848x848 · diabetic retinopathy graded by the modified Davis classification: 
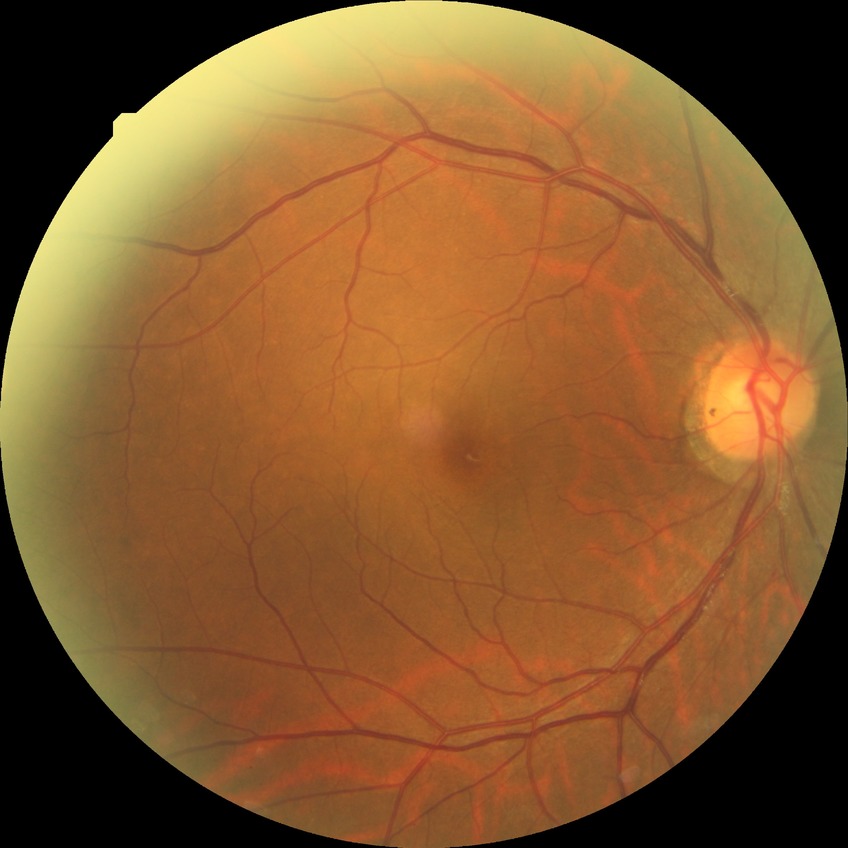
Diabetic retinopathy (DR) is no diabetic retinopathy (NDR).
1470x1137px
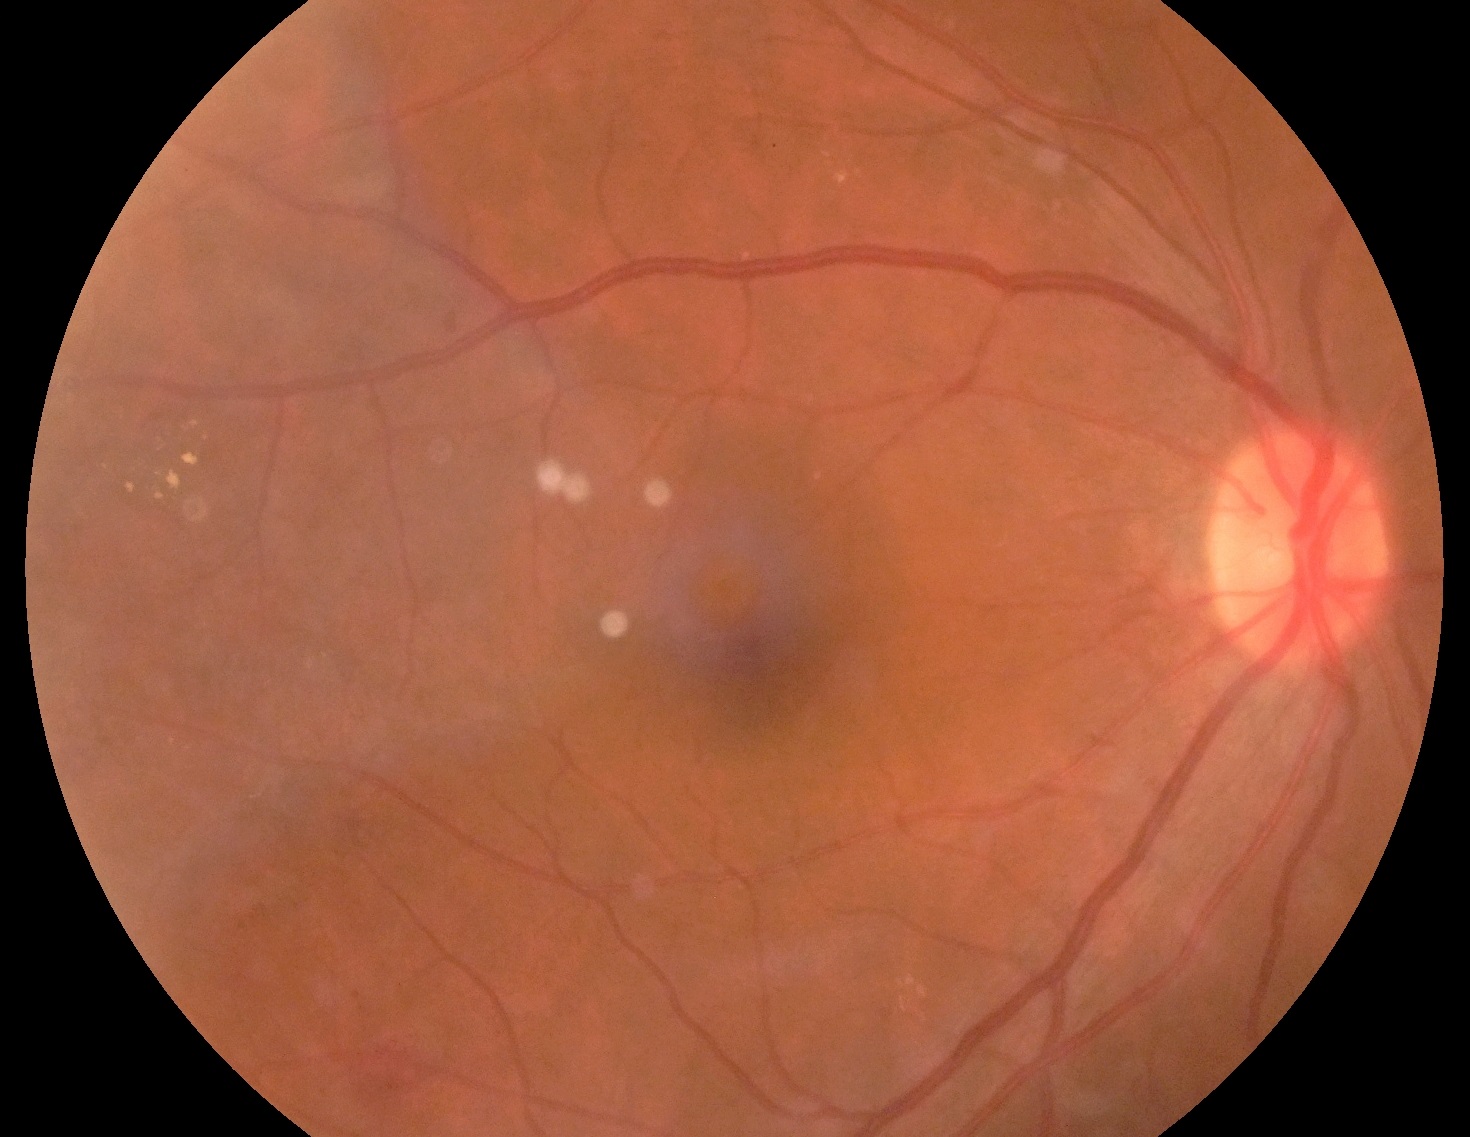

Diabetic retinopathy (DR) is grade 2 (moderate NPDR).

§ §

### Work instructions
For each line of the material that includes the word "retinopathy", make a copy.

### Task output
848x848 · diabetic retinopathy graded by the modified Davis classification: 
Diabetic retinopathy (DR) is no diabetic retinopathy (NDR).
Diabetic retinopathy (DR) is grade 2 (moderate NPDR).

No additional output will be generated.